The thing is death, and because this illness is Iván Ilych's, the others don't seem too concerned. Iván Ilych is amazed to see the doctor dealing with him in the same manner Iván Ilych uses in his work. Throughout the novel, people trivialize the lives of others, condescend to them, and see them as little more than a part of a routine. The doctor doesn't seem moved by the fact that he's dealing with Iván Ilych's very life, just as Iván Ilych doesn't seem aware of his case decisions' impacts on the lives of real people. Like Iván Ilych, the doctor seems wrapped up in the fun and self-importance of a workplace mask. His priorities and thought processes seem askew.

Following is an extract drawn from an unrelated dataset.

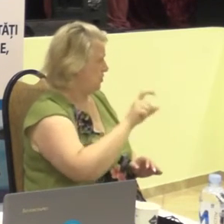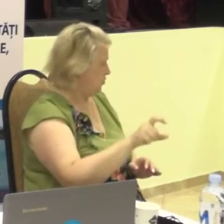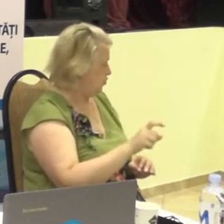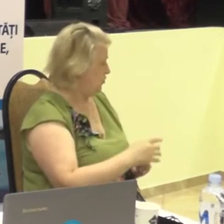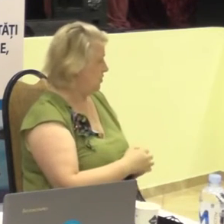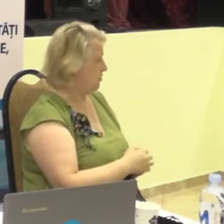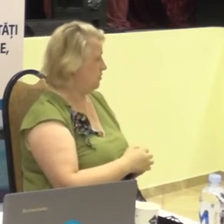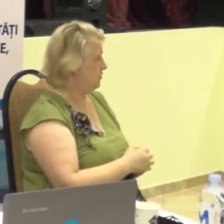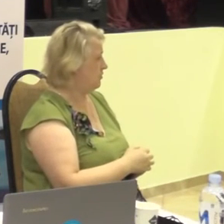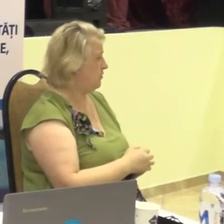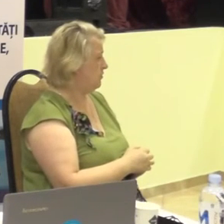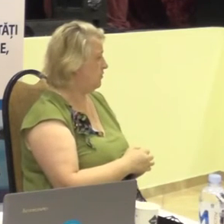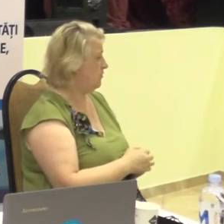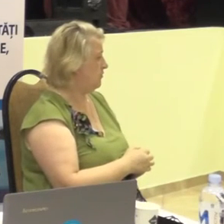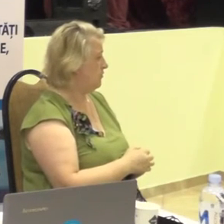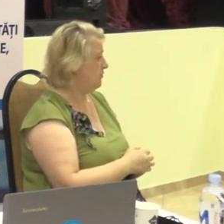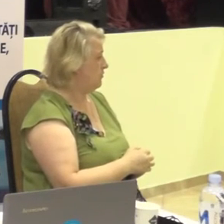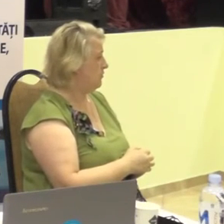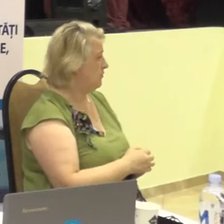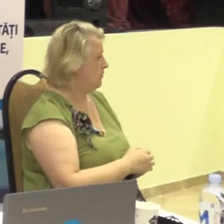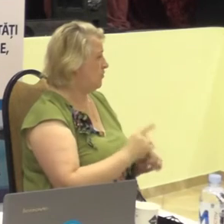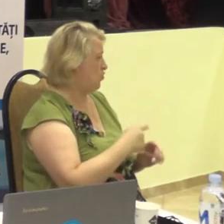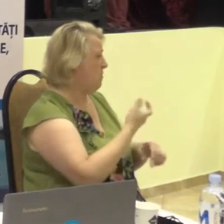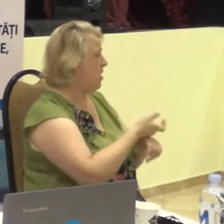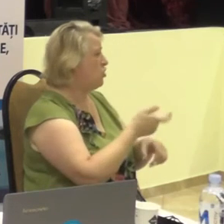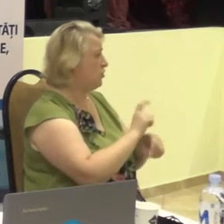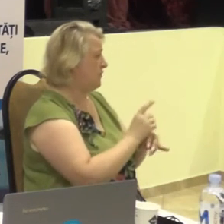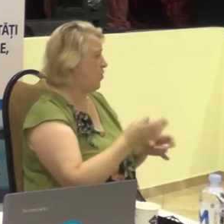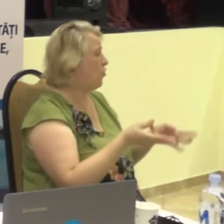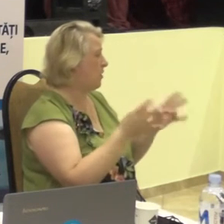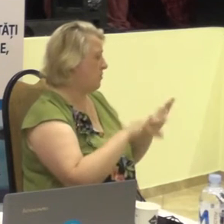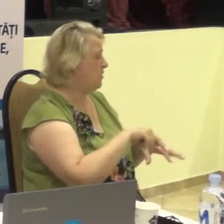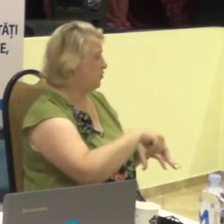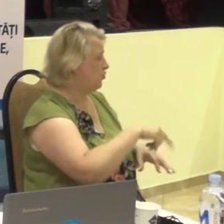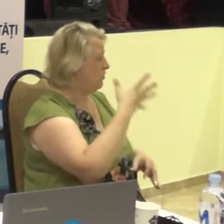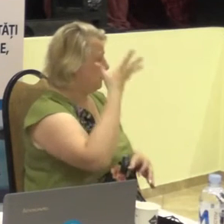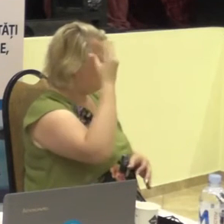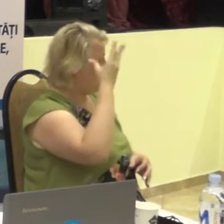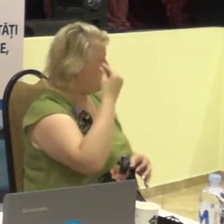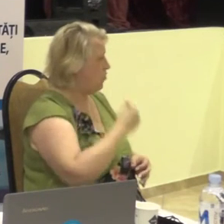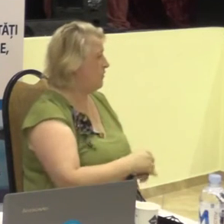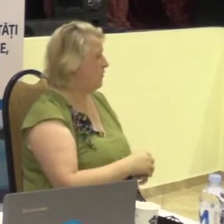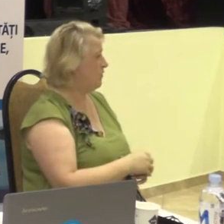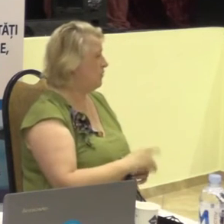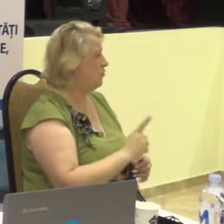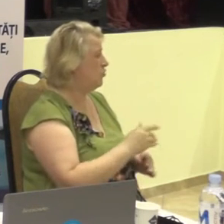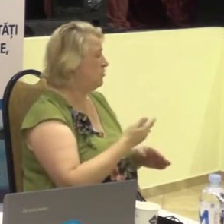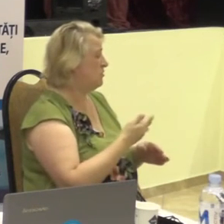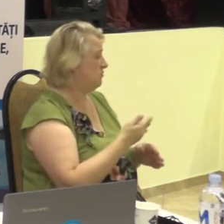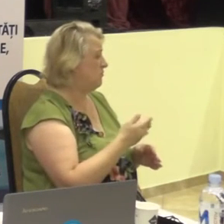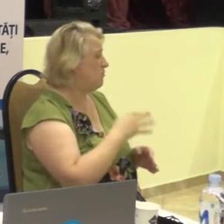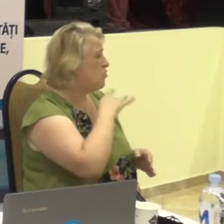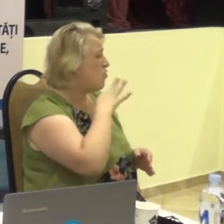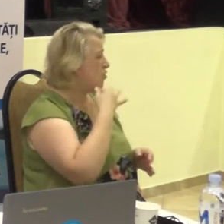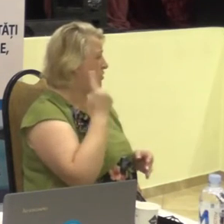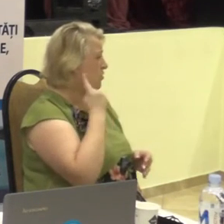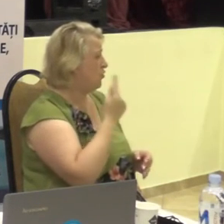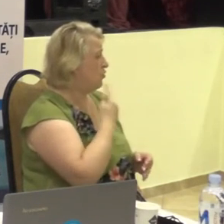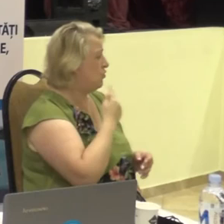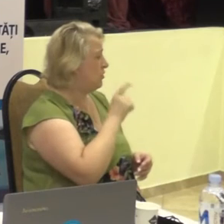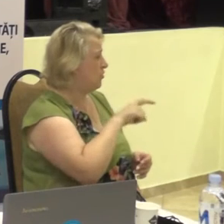cei care în majoritate au rămas la mai țară, deoarece o parte din sus,

Iván Ilych realizes that he has become the enemy of the thing he previously treasured most: cheerful living, in accordance with the standards of propriety, without disturbances or too much thought. At the card game he realizes that he has ruined his friends' evening. He sees in Schwartz "what he himself had been ten years ago" (142), and correctly apprehends that he is now "poison," a thing that makes it impossible to live life glibly.